This is great news everyone! A big "Thank you!" to those here who took the time to contact WBFF or D*! In the end, you've helped us all!

Thanks!  
Bob


----------



## BluewookieJim (Dec 27, 2006)

pappasbike said:


> We were also seeing a lot of posts from people in Connecticut who were having the same problem, it'll be interesting to see if their issue was corrected as well.
> John


Well, I just watched my recording of 24 from this Monday. The audio was improved, I'll give it that.

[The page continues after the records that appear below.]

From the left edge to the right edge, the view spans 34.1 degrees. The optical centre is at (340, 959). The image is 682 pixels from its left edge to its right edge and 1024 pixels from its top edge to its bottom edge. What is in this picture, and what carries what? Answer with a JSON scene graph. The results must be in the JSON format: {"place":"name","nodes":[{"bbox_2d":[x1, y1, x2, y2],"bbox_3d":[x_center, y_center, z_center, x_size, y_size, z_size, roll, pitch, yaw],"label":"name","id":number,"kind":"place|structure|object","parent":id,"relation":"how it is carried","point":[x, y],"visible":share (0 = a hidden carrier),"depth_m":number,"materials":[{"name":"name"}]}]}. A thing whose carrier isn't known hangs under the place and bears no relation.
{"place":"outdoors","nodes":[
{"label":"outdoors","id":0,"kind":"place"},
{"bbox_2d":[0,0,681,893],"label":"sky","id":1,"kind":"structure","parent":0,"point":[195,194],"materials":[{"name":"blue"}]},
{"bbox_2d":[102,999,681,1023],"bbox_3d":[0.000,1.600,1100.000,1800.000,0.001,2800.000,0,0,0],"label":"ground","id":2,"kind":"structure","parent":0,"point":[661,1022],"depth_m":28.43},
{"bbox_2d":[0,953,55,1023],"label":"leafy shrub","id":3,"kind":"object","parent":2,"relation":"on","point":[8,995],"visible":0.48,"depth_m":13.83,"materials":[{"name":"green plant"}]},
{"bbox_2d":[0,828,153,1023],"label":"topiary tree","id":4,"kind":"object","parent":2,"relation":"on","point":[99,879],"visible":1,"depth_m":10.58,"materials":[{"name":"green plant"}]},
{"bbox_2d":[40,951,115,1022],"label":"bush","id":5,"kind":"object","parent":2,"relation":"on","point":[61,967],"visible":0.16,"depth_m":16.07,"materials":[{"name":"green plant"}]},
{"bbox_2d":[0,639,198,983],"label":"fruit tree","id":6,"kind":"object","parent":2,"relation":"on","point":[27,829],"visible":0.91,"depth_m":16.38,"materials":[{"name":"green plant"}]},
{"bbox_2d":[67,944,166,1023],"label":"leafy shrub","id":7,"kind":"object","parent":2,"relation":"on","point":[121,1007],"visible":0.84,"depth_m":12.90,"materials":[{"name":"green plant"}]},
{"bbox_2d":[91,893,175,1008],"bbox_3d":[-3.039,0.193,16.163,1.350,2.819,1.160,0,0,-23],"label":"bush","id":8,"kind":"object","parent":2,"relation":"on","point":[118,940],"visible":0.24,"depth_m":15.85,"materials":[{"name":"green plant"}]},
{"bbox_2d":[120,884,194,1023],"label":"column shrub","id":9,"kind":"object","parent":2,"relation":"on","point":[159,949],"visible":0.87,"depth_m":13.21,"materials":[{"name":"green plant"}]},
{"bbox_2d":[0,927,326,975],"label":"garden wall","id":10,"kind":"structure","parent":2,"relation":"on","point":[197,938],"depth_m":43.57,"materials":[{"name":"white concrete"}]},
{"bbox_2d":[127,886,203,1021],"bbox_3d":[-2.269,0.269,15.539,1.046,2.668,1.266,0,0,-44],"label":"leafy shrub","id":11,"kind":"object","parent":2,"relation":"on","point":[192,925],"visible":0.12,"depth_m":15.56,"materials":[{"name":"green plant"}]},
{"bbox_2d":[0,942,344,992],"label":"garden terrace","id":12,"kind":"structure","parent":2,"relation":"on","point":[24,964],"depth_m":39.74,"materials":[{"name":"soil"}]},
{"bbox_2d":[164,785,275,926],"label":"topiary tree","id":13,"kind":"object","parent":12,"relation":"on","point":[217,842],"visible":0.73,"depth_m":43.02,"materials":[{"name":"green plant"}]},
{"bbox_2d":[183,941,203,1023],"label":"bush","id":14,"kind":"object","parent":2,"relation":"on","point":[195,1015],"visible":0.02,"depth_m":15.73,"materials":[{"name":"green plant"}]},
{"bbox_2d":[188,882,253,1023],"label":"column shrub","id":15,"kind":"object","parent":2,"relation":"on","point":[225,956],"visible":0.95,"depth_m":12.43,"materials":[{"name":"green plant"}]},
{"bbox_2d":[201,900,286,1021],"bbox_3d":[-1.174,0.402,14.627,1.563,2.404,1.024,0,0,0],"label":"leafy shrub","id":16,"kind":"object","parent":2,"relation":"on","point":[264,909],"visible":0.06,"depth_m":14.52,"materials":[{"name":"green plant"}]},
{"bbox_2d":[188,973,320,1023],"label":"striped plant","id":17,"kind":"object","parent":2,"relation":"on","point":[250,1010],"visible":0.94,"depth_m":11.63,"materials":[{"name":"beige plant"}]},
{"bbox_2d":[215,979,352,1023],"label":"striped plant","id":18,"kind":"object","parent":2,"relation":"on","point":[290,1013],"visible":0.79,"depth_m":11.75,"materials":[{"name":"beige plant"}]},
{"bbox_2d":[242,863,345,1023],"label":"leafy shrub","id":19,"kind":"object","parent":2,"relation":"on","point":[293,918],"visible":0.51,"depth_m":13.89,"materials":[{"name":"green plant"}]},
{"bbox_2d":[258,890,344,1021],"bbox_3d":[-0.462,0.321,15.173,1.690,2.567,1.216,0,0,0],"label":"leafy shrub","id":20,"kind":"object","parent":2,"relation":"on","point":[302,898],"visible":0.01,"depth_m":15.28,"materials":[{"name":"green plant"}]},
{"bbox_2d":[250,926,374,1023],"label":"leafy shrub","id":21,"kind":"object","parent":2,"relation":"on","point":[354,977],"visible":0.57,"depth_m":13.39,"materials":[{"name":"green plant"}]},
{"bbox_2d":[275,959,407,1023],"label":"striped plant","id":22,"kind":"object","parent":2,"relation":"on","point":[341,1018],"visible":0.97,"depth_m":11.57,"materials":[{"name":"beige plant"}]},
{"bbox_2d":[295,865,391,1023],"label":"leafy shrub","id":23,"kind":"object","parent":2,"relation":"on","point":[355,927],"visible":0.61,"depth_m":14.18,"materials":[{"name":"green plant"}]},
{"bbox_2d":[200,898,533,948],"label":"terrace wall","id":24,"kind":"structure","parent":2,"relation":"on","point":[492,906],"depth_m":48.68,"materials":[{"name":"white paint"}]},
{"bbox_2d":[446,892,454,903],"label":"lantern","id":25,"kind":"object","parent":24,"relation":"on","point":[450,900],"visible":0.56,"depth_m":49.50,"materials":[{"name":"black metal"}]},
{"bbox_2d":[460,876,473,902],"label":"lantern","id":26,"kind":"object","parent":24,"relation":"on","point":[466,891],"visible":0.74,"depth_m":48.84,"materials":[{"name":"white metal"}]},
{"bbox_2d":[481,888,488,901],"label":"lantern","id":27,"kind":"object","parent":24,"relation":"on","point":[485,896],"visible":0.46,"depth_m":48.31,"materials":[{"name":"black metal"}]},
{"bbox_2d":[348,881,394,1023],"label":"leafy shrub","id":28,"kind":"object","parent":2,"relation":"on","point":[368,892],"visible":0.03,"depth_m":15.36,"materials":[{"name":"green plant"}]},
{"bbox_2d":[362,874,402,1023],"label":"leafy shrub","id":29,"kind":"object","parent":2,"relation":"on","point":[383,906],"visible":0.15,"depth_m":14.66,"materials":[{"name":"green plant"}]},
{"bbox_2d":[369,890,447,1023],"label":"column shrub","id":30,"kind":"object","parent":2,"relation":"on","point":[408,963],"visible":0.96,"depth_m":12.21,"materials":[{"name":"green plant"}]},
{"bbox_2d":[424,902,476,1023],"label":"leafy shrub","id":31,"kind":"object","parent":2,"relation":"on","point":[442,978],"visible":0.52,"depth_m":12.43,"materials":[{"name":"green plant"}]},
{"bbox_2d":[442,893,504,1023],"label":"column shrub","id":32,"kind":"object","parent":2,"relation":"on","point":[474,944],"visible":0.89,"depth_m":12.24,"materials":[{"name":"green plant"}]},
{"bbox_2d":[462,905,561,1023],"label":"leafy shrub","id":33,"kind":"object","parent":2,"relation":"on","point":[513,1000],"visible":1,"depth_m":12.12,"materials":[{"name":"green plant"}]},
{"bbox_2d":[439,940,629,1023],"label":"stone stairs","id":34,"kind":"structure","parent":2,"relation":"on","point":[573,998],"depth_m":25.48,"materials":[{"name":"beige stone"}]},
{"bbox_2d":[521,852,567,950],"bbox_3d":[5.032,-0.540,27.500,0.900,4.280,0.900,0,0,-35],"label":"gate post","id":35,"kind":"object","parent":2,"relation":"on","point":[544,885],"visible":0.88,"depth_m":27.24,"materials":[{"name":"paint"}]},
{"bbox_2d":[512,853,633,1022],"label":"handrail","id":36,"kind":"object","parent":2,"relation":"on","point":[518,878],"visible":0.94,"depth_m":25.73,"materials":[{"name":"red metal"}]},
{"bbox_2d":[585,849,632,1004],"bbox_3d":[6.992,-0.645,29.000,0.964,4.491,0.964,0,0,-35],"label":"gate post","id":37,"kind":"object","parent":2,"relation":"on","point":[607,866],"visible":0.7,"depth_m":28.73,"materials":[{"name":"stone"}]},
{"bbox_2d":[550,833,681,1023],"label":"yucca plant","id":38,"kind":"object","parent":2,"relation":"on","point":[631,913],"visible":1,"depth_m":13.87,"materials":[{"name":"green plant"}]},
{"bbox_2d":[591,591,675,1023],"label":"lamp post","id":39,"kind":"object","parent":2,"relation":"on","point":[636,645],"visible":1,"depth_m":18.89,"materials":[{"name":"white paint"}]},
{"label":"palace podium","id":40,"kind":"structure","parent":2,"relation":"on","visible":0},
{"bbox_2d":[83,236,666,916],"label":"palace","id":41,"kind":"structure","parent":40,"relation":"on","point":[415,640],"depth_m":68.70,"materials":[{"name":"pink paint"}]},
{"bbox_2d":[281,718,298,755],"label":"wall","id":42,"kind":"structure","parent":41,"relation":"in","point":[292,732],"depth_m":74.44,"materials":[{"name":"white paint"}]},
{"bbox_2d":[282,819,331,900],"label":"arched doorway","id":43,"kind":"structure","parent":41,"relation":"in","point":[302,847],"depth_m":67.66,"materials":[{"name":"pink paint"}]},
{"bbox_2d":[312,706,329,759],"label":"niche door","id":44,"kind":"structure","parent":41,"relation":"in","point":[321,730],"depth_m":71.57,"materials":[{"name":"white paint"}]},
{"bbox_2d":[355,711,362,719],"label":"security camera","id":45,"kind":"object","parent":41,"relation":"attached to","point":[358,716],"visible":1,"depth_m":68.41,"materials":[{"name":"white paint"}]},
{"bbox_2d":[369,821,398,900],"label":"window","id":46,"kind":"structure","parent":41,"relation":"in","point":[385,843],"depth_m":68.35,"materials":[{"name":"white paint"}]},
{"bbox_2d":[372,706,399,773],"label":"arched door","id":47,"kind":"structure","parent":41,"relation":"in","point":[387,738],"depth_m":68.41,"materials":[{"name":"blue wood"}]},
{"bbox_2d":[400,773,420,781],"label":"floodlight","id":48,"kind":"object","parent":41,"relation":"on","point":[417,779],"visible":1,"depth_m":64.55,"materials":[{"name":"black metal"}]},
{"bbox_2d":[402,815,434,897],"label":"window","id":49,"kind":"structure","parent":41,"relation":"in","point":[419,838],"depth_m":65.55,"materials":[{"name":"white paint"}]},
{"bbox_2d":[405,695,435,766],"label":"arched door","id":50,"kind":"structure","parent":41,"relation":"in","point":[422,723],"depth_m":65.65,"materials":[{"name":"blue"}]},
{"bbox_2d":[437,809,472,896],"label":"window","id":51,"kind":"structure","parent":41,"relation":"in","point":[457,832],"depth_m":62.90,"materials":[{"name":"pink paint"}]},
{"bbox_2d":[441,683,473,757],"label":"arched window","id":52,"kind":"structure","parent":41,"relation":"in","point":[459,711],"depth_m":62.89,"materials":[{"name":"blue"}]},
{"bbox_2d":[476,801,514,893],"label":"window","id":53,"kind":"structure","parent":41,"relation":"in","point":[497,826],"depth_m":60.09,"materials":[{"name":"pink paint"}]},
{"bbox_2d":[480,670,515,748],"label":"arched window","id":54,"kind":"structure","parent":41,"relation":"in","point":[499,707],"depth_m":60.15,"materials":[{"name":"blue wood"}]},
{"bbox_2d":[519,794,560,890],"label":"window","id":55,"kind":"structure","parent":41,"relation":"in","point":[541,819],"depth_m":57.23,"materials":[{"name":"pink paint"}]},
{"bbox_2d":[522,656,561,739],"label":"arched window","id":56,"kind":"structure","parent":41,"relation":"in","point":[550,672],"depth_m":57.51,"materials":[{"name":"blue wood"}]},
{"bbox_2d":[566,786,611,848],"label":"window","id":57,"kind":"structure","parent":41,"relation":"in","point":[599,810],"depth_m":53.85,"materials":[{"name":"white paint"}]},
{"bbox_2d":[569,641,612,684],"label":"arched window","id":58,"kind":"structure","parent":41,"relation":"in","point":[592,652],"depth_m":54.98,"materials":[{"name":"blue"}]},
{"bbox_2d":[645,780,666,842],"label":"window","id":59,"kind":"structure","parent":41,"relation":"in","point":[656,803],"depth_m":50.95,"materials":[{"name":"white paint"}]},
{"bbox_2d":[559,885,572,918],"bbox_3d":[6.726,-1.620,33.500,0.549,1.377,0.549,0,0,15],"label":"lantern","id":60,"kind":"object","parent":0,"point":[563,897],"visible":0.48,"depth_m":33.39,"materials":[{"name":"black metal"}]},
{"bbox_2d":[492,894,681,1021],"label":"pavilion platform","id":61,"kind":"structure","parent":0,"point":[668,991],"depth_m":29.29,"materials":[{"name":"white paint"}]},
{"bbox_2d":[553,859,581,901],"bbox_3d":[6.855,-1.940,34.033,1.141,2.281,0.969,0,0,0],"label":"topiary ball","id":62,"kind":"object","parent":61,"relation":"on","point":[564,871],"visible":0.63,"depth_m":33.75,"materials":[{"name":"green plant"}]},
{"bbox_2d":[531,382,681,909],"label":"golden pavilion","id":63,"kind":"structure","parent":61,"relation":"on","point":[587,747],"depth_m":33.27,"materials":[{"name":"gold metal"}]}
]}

But I still had roughly a dozen instances of the buzzsaw sound during the actual show.

Rather than being every 10 to 30 seconds like it was the last few weeks, this time it was every 4 to 5 minutes, except in one area of the show where I had 3 in the span of about a minute.


----------



## GaryGnu (Mar 17, 2007)

Any watch The Simpsons on WBFF last night? I got lots of buzzing. Very annoying. This is my introduction to this problem, having just gotten the HR20 recently. I watched Family Guy which was on a bit later and there were no problems.


----------



## markbulla (Feb 2, 2007)

GaryGnu said:


> Any watch The Simpsons on WBFF last night? I got lots of buzzing. Very annoying. This is my introduction to this problem, having just gotten the HR20 recently. I watched Family Guy which was on a bit later and there were no problems.


I watched the Simpsons OTA last night, and there were no problems on my Dish 811 receiver.

On the issue of audio break-up going into and out of commercials, it's because we (WBFF and FOX don't send the audio at the same data rate. Last time I changed it to match the network, there were all kinds of problems, but that was before DirecTV did their fix thing. I'll change ours to match the network's data rate in a couple of days, and we'll see what happens.

Mark


----------



## GaryGnu (Mar 17, 2007)

I should have mentioned my problem was occurring with DTV locals not OTA. Does this problem occur with WBFF OTA on the HR20 also?


----------



## Michael D'Angelo (Oct 21, 2006)

Last week FOX was great in Baltimore. Prison Break just stared about 5 minutes ago and it is bad. It is just like it was before it was fixed last week. I don't know if it has anything to do with the software or not. Last week I had 0x13e and now I have 0x141.


----------



## TrAvELAr (Jan 14, 2007)

Thanks for posting this. After 2 months, I finally got an installer out here yesterday with my new dish. All the channels seem fine except for Fox.

Hopefully WBFF will get their stuff together soon.


----------



## MarkGreiner (Sep 27, 2006)

markbulla said:


> On the issue of audio break-up going into and out of commercials, it's because we (WBFF and FOX don't send the audio at the same data rate. Last time I changed it to match the network, there were all kinds of problems, but that was before DirecTV did their fix thing. I'll change ours to match the network's data rate in a couple of days, and we'll see what happens.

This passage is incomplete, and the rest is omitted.